The corresponding velocity is
$v_2(t)=-v_0\cos\omega t,$
so at the instant of minimum position,
$v_2\left(\frac{\pi}{2\omega}\right)=0.$
Thus any possible contact with the wall by ball 2 occurs only at zero velocity. A perfectly elastic collision at zero velocity produces no change in motion, since the velocity reversal $u\to -u$ leaves $u=0$ invariant. Therefore, even in the regime $l_0 \le \frac{v_0}{\omega}$, no additional dynamical stage is generated and the subsequent evolution remains identical.

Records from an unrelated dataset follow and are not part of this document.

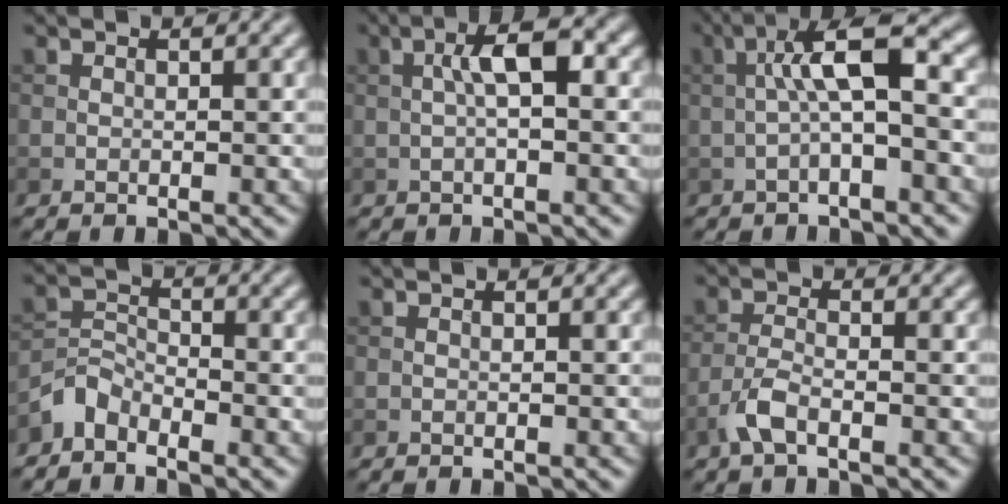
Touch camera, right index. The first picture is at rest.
{"total": 3.8, "force": [0.4, 0.9, 3.6], "torque": [-0.067, 0.012, 0.003]}
{"total": 6.1, "force": [0.0, 1.5, 5.9], "torque": [-0.106, 0.025, -0.010]}
{"total": 2.7, "force": [-2.4, 1.1, 0.7], "torque": [-0.015, 0.007, -0.058]}
{"total": 0.0}
{"total": 2.6, "force": [-1.6, 0.8, 1.9], "torque": [-0.048, 0.002, -0.039]}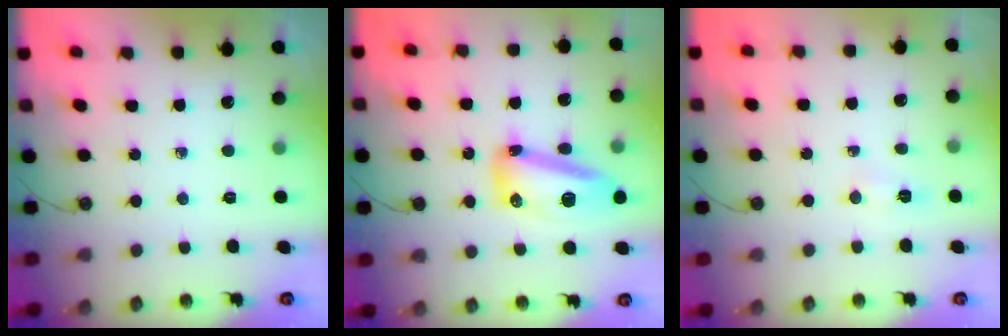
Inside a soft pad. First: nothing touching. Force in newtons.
{"total": 13.7, "press": 13.7, "slide": 1.2}
{"total": 3.5, "press": 3.4, "slide": 0.4}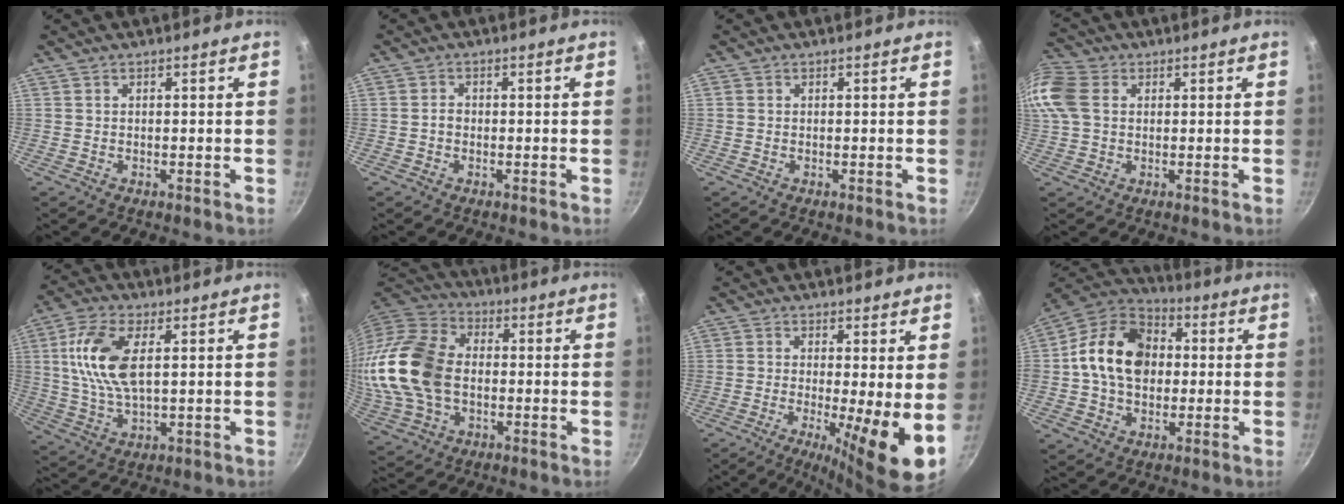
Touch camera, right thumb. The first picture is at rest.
{"total": 1.5, "force": [-0.4, 1.2, 0.8], "torque": [-0.011, 0.010, -0.007]}
{"total": 0.6, "force": [0.0, 0.5, 0.2], "torque": [-0.003, 0.002, -0.001]}
{"total": 9.0, "force": [1.7, 6.7, 5.8], "torque": [-0.119, 0.012, 0.020]}
{"total": 11.7, "force": [2.6, 5.6, 10.0], "torque": [-0.199, 0.001, 0.048]}
{"total": 20.8, "force": [-0.8, 14.5, 14.9], "torque": [-0.302, 0.029, -0.017]}
{"total": 10.6, "force": [-1.3, 2.0, 10.3], "torque": [-0.159, -0.017, -0.019]}
{"total": 16.6, "force": [1.2, 12.6, 10.8], "torque": [-0.155, 0.026, 0.004]}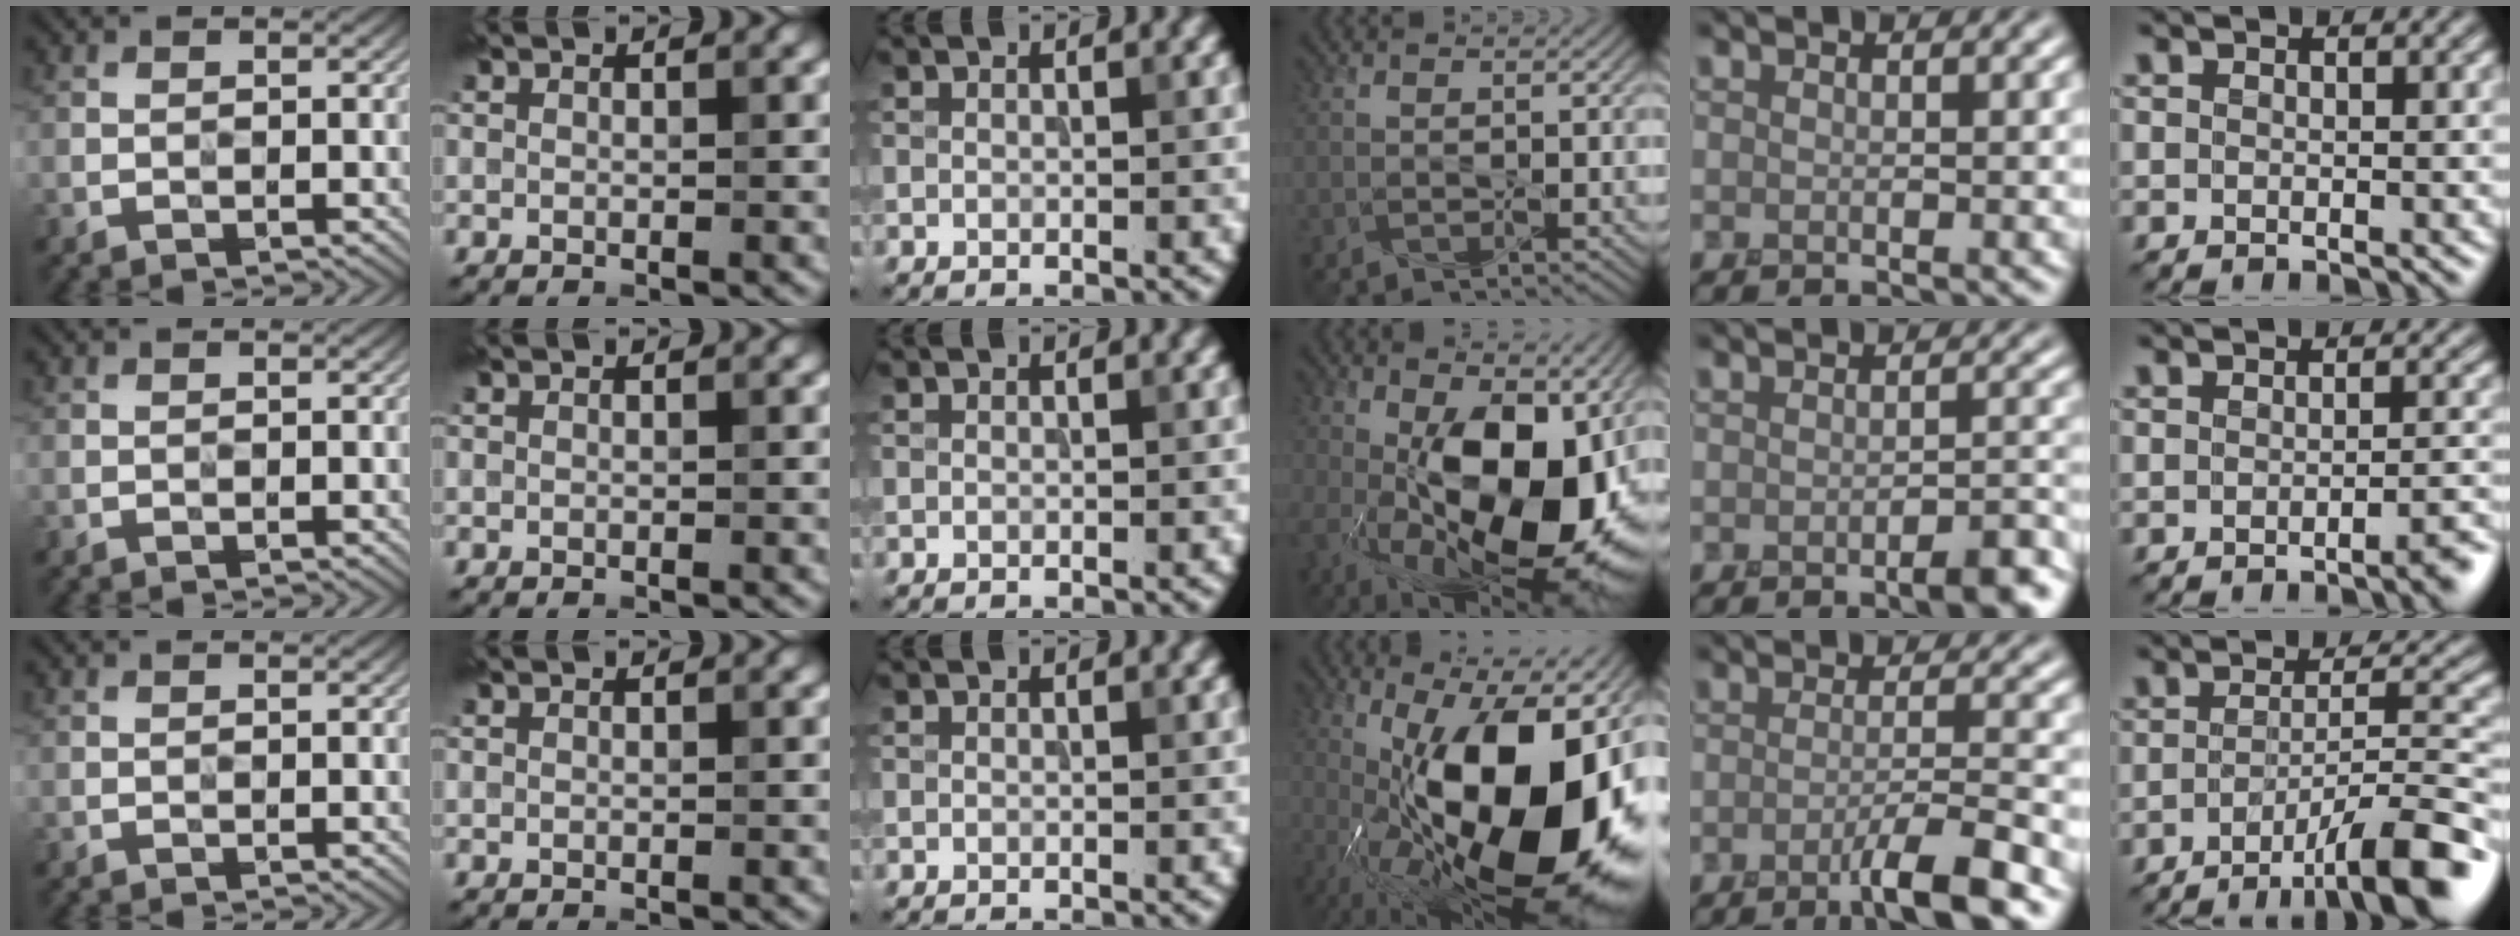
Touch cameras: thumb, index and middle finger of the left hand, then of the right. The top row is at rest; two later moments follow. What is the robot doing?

This removes any ambiguity in collision ordering and shows that the only dynamically relevant wall interaction after the first event is the second impact of ball 1 at $t=\pi/\omega$.
Result
The collision process consists of two instantaneous impacts of the ball nearest the wall.
After the first impact, the center of mass remains at rest and the system performs harmonic oscillations in the relative coordinate with angular frequency $\omega=\sqrt{2k/m}$. The spring reaches maximum compression
$\xi_{\max} = -v_0\sqrt{\frac{2m}{k}}, \qquad |\xi_{\max}| = v_0\sqrt{\frac{2m}{k}}.$
After a time
$t=\frac{\pi}{\omega} = \pi\sqrt{\frac{m}{2k}},$
the spring returns to its natural length, ball 1 collides again with the wall, and both balls acquire the same velocity.
Immediately after the second collision,
$\dot x_1=\dot x_2=v_0, \qquad \xi=0,$
so the final motion is uniform translation away from the wall with speed
$\boxed{v_{\text{final}}=v_0}.$
Sanity Checks
The dimensions of the maximum compression are correct:
$v_0\sqrt{\frac{m}{k}} \sim \frac{\mathrm{m}}{\mathrm{s}} \sqrt{ \frac{\mathrm{kg}} {\mathrm{kg}/\mathrm{s}^2} } = \mathrm{m}.$
If the spring becomes extremely stiff, $k\to\infty$, then
$|\xi|_{\max}\to0,$
so the system approaches rigid-body behavior.
If the spring becomes very soft, $k\to0$, the oscillation period becomes large and energy exchange between kinetic and elastic forms dominates the motion before the second collision.
The total kinetic energy before the first collision equals
$m v_0^2.$
After the first collision, energy is fully contained in the internal oscillation of the spring, while the center of mass remains at rest. After the second collision, the kinetic energy again equals
$m v_0^2,$
confirming complete recovery of the initial translational state and overall energy conservation throughout the process.